279 F2d 701 Farley Realty Corporation v. Commissioner of Internal Revenue
279 F.2d 701
60-2 USTC P 9525
FARLEY REALTY CORPORATION, Petitioner,
COMMISSIONER OF INTERNAL REVENUE, Respondent.
No. 217, Docket 25955.
United States Court of Appeals Second Circuit.
Argued March 29, 1960.
Decided June 9, 1960.
Saul Duff Kronovet, New York City (Silverson & Gelberg, Harry Silverson, New York City, of counsel), for petitioner.
Charles K. Rice, Asst. Atty. Gen., Lee A. Jackson, Robert N. Anderson, Kenneth E. Levin, Attys., Dept. of Justice, Washington, D.C., for respondent.
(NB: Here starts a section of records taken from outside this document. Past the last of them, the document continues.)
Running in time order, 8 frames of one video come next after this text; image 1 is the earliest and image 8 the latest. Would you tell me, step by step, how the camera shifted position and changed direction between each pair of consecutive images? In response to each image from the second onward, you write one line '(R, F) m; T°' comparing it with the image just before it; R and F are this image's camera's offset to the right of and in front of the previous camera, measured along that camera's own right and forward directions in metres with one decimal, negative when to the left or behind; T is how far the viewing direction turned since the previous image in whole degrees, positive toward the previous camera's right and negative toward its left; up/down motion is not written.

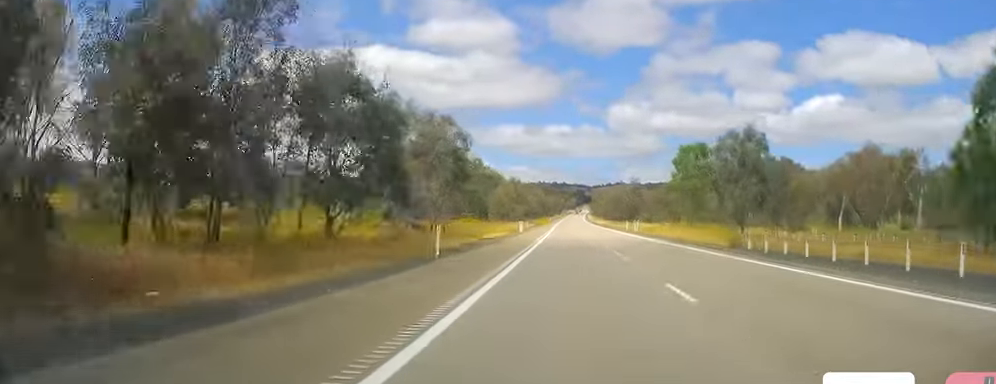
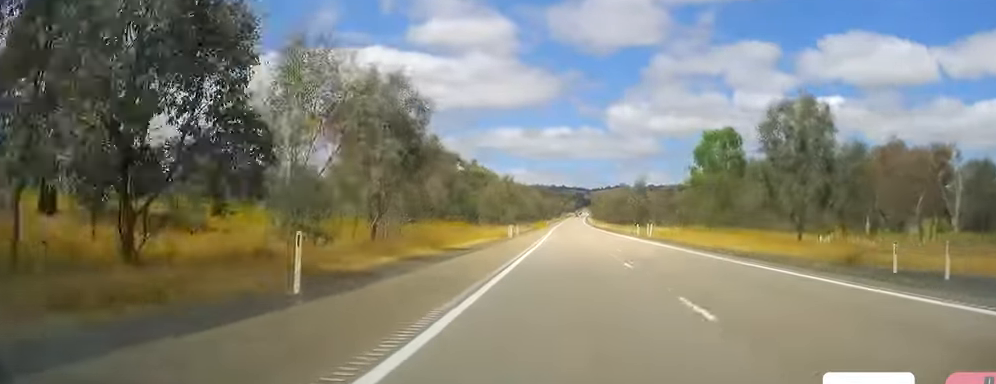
(-0.3, +14.3) m; 0°
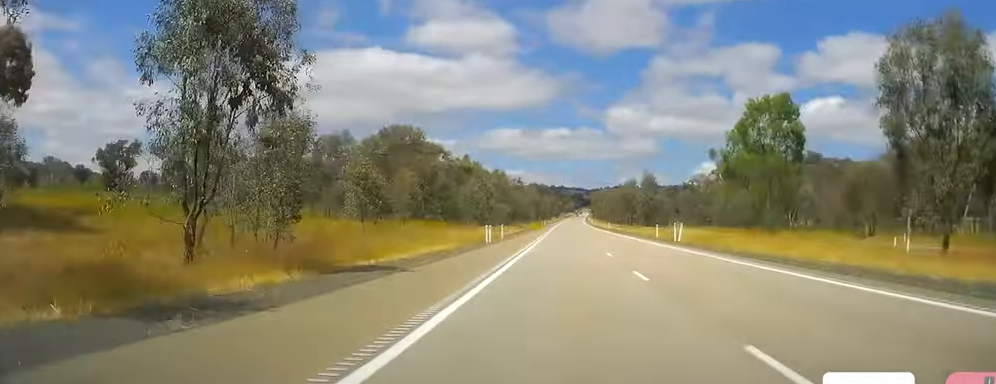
(0.0, +17.1) m; 0°
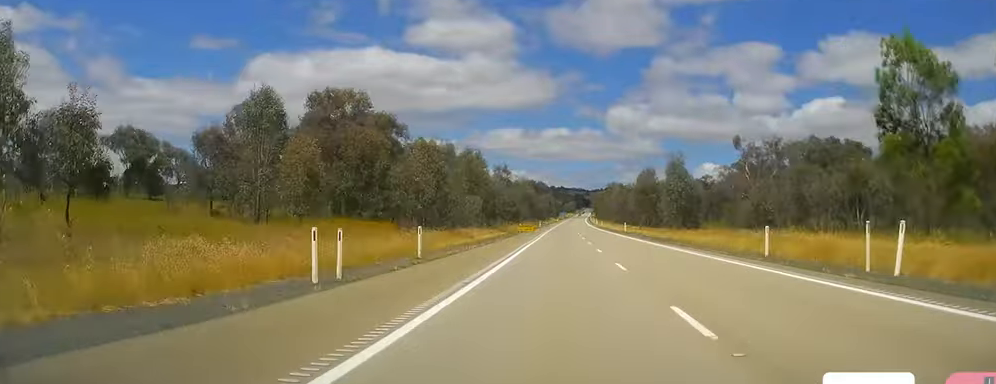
(+0.6, +32.4) m; +1°
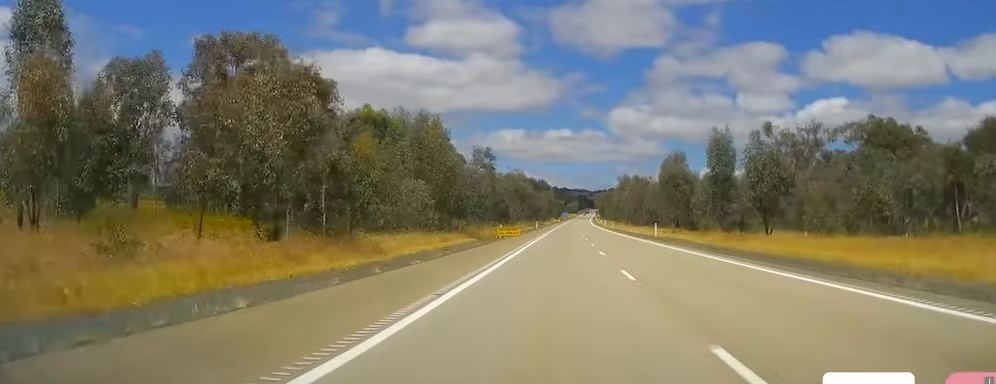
(0.0, +27.6) m; 0°
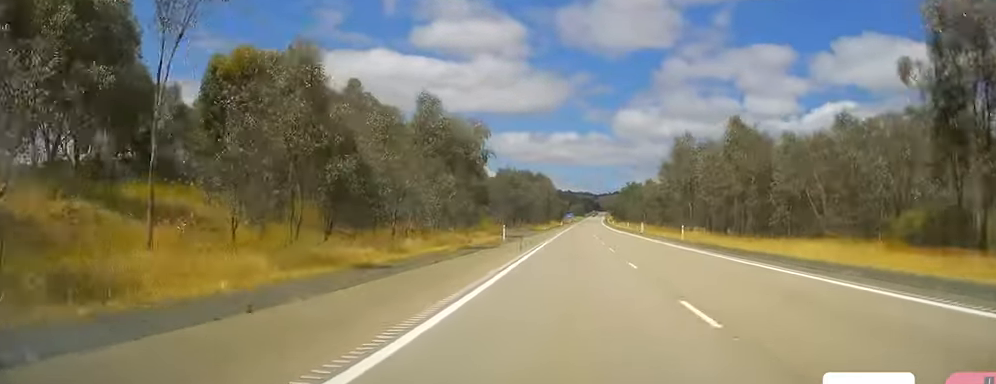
(-0.9, +67.3) m; -1°
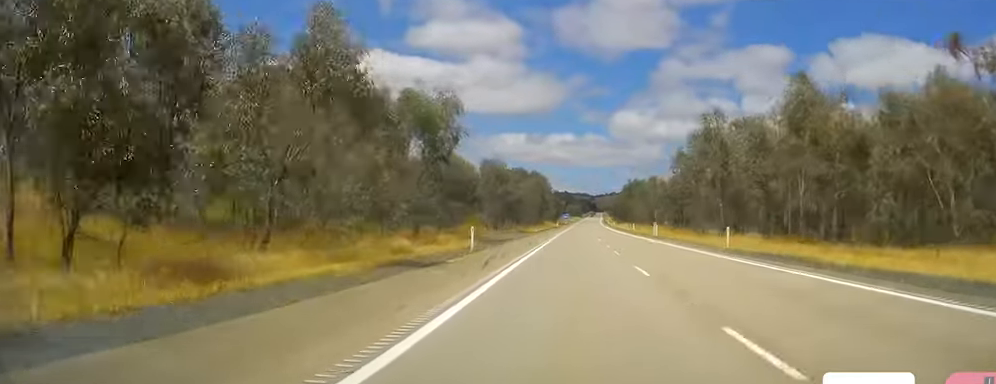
(0.0, +15.3) m; 0°
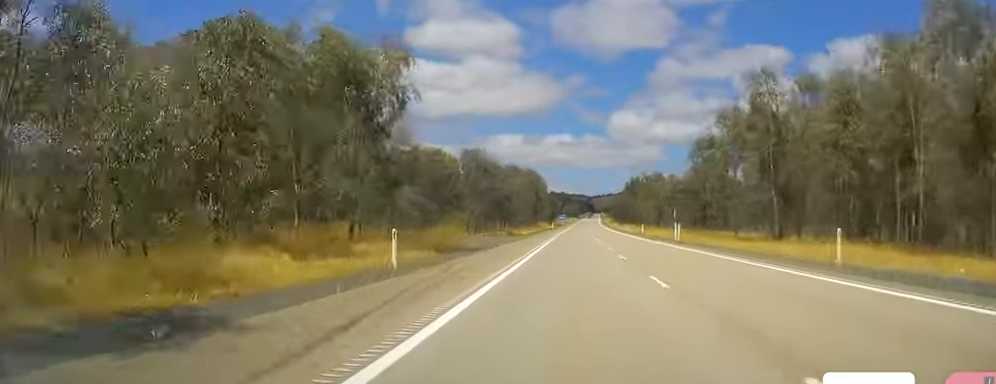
(0.0, +15.3) m; 0°

Before WATERMAN and BARNES,* Circuit Judges, and J. JOSEPH SMITH, District Judge.
WATERMAN, Circuit Judge.
Petitioner seeks judicial review of the Tax Court's holding that the sum of $50,000 paid to the estate of Bernard Sorsby in settlement of Sorsby's claim against petitioner above and beyond the repayment of principal and the payment of fixed annual interest charges on a loan by Sorsby to petitioner was not 'interest' under Section 23(b) of the 1939 Internal Revenue Code. The Tax Court's decision is not officially reported.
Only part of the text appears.